**Task directions**
Work through the data and say how many lines contain "Rhoda". The number alone is the answer.

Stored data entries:
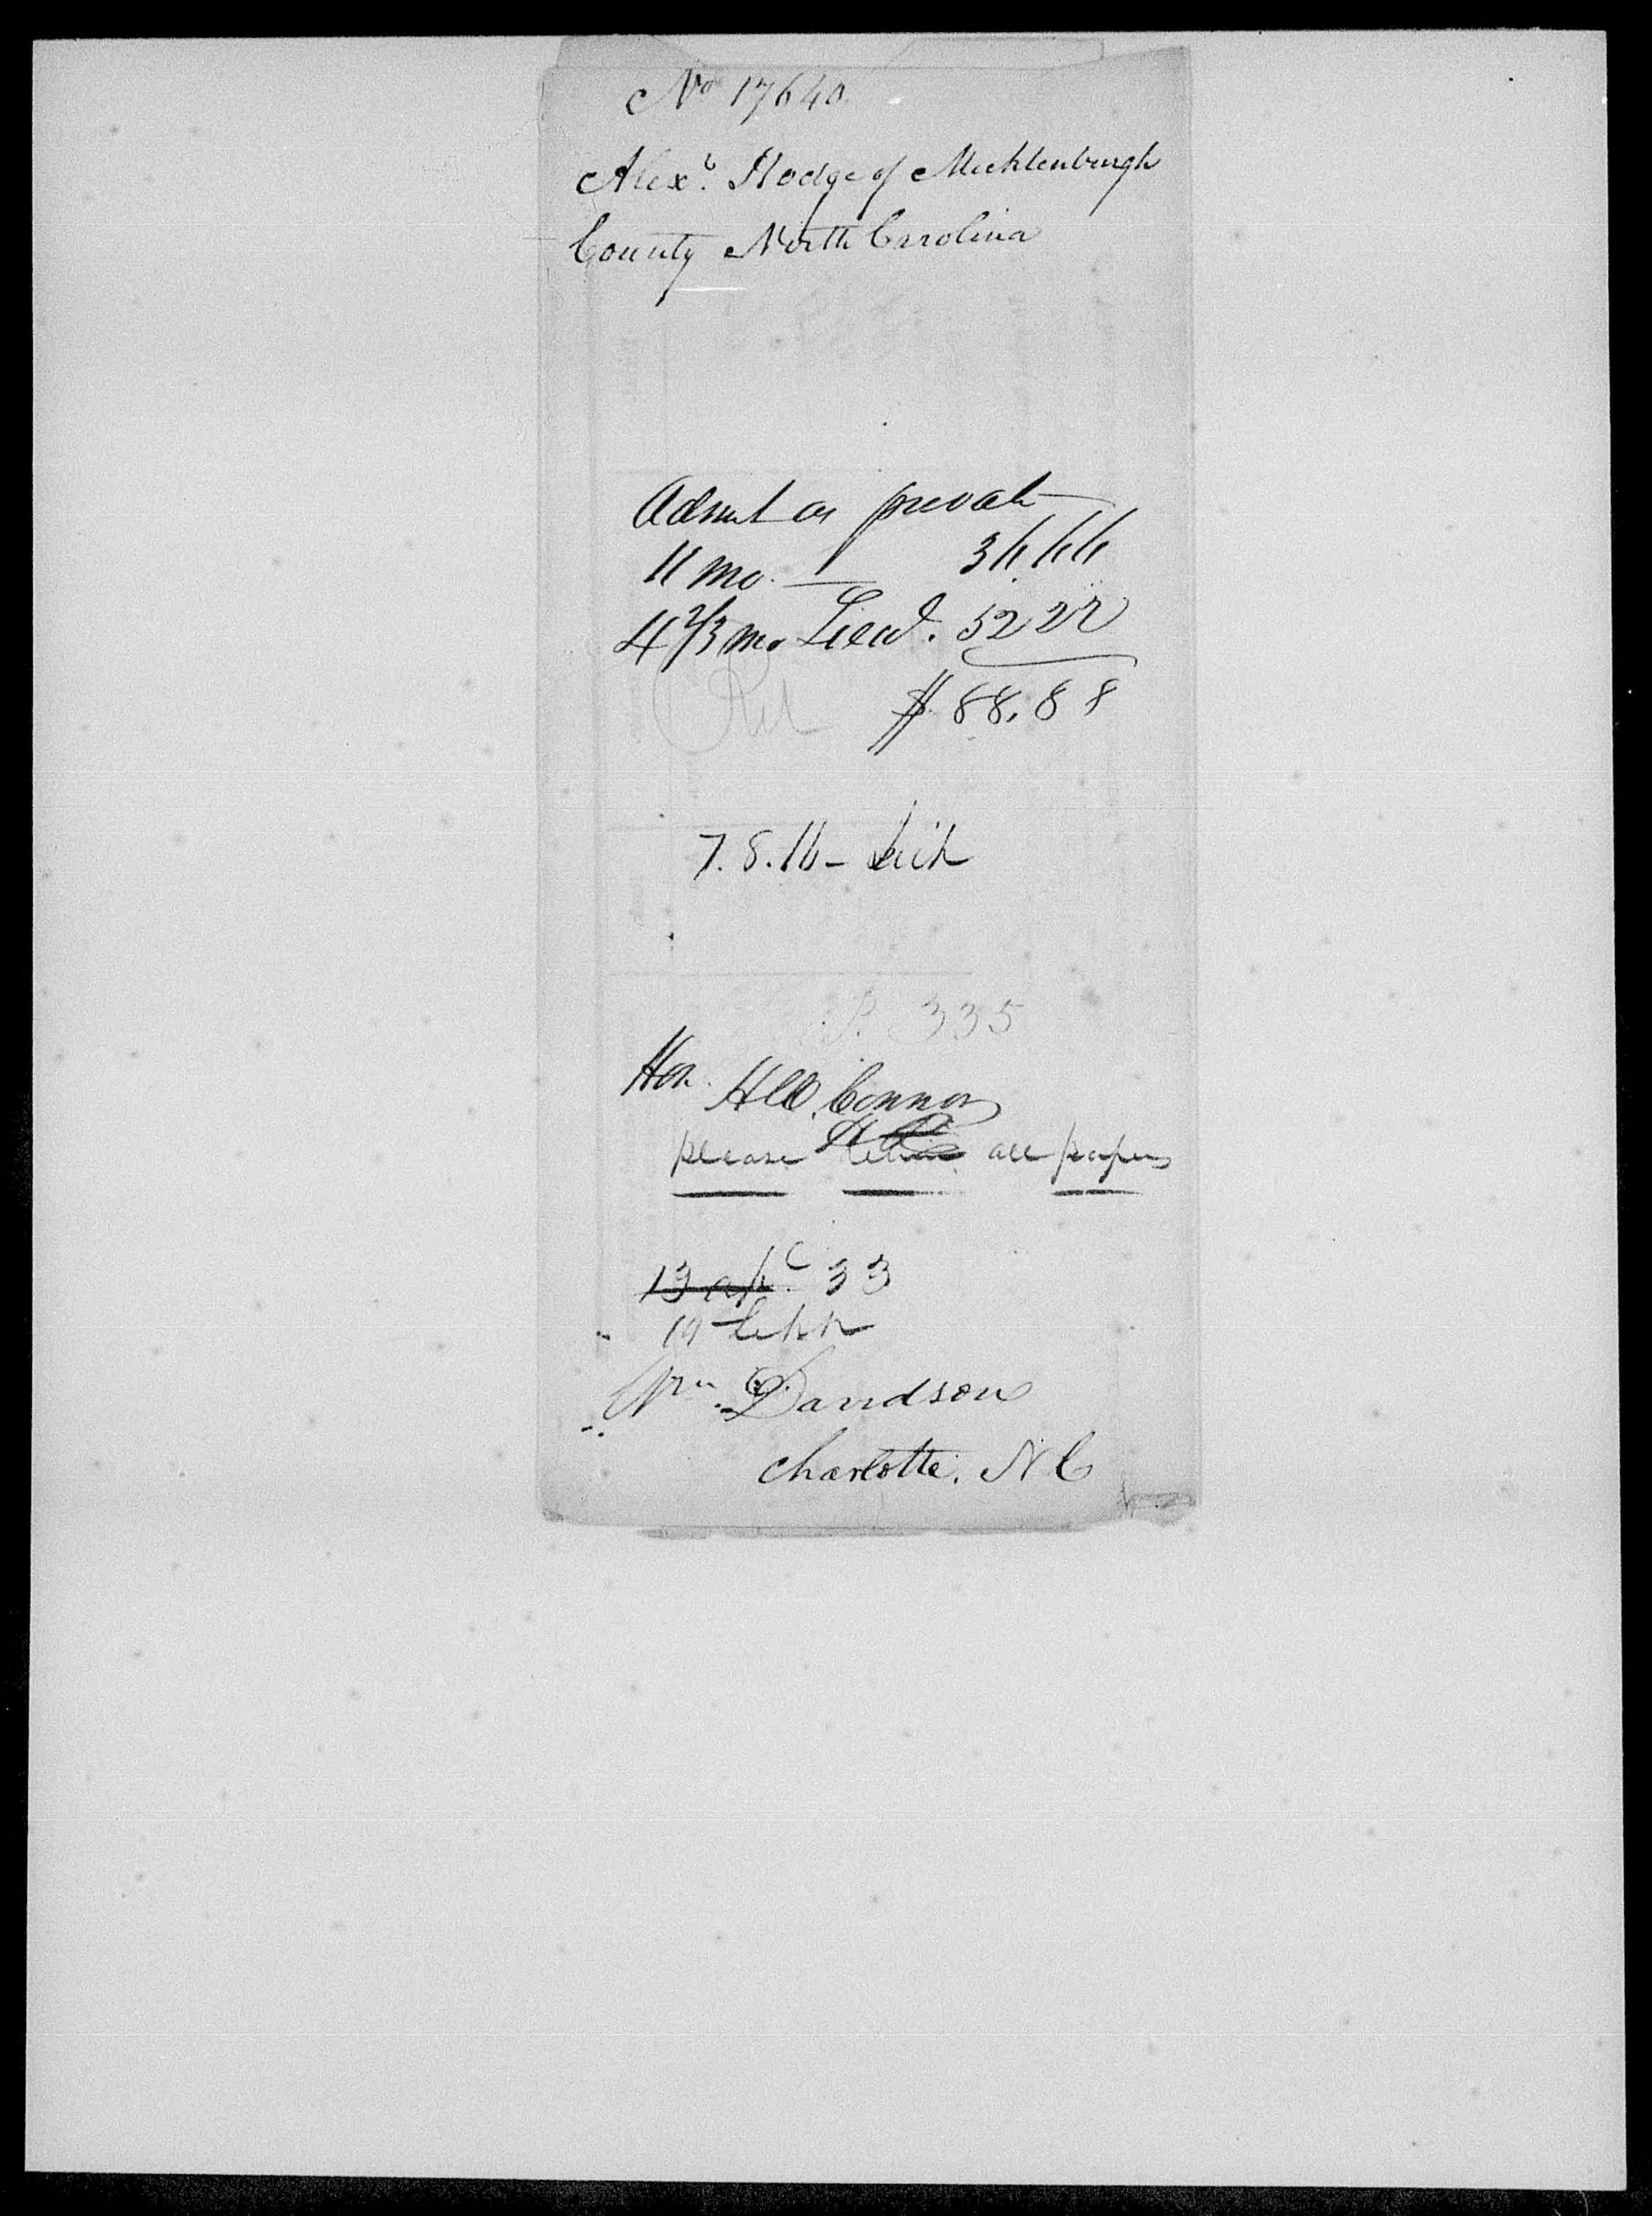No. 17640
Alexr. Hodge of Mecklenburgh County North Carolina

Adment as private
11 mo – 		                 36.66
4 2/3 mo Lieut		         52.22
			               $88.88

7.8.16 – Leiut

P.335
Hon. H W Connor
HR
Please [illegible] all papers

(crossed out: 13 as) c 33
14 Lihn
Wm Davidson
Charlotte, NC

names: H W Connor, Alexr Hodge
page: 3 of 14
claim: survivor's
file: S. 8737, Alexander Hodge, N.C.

==

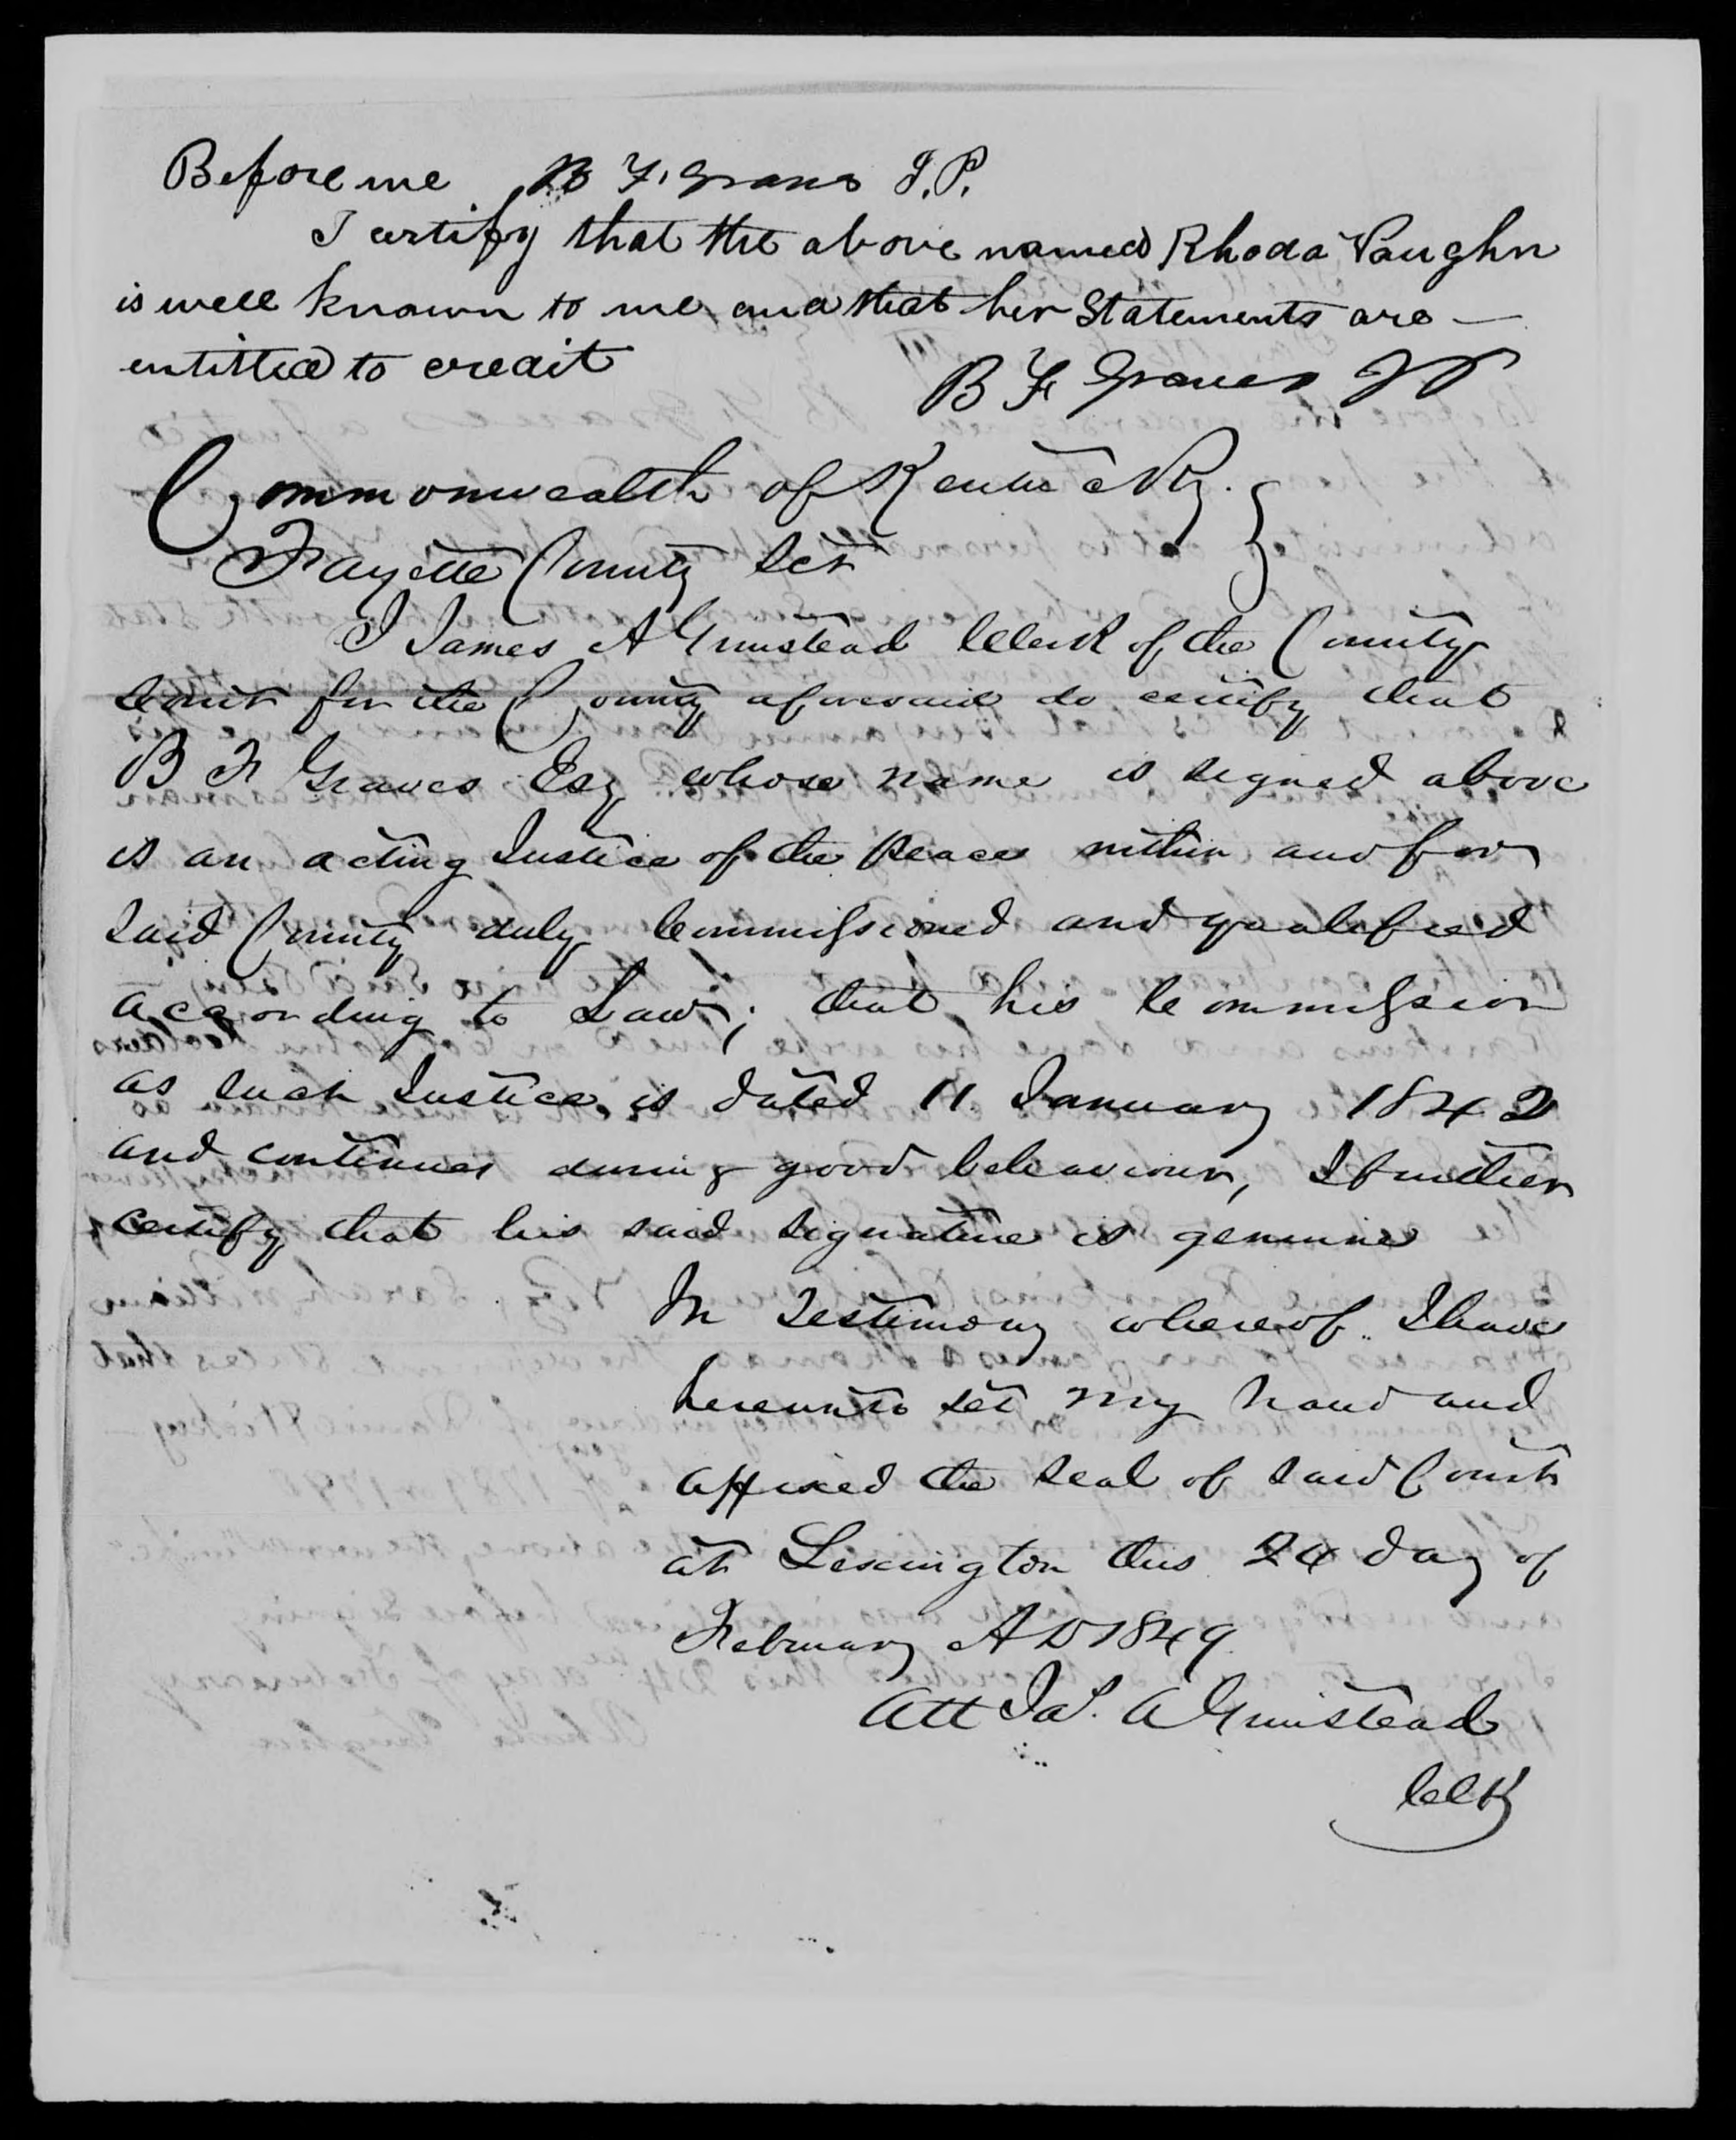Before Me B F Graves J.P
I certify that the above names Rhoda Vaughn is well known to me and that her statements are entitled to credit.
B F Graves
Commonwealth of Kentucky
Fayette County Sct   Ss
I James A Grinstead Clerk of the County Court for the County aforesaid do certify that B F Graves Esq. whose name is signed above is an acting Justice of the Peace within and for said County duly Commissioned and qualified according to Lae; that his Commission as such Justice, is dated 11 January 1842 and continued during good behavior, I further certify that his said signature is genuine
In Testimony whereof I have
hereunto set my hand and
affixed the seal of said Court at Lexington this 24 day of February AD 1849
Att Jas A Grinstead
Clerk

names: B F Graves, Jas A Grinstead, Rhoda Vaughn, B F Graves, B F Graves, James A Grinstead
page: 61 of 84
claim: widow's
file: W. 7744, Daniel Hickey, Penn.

**Reply**
2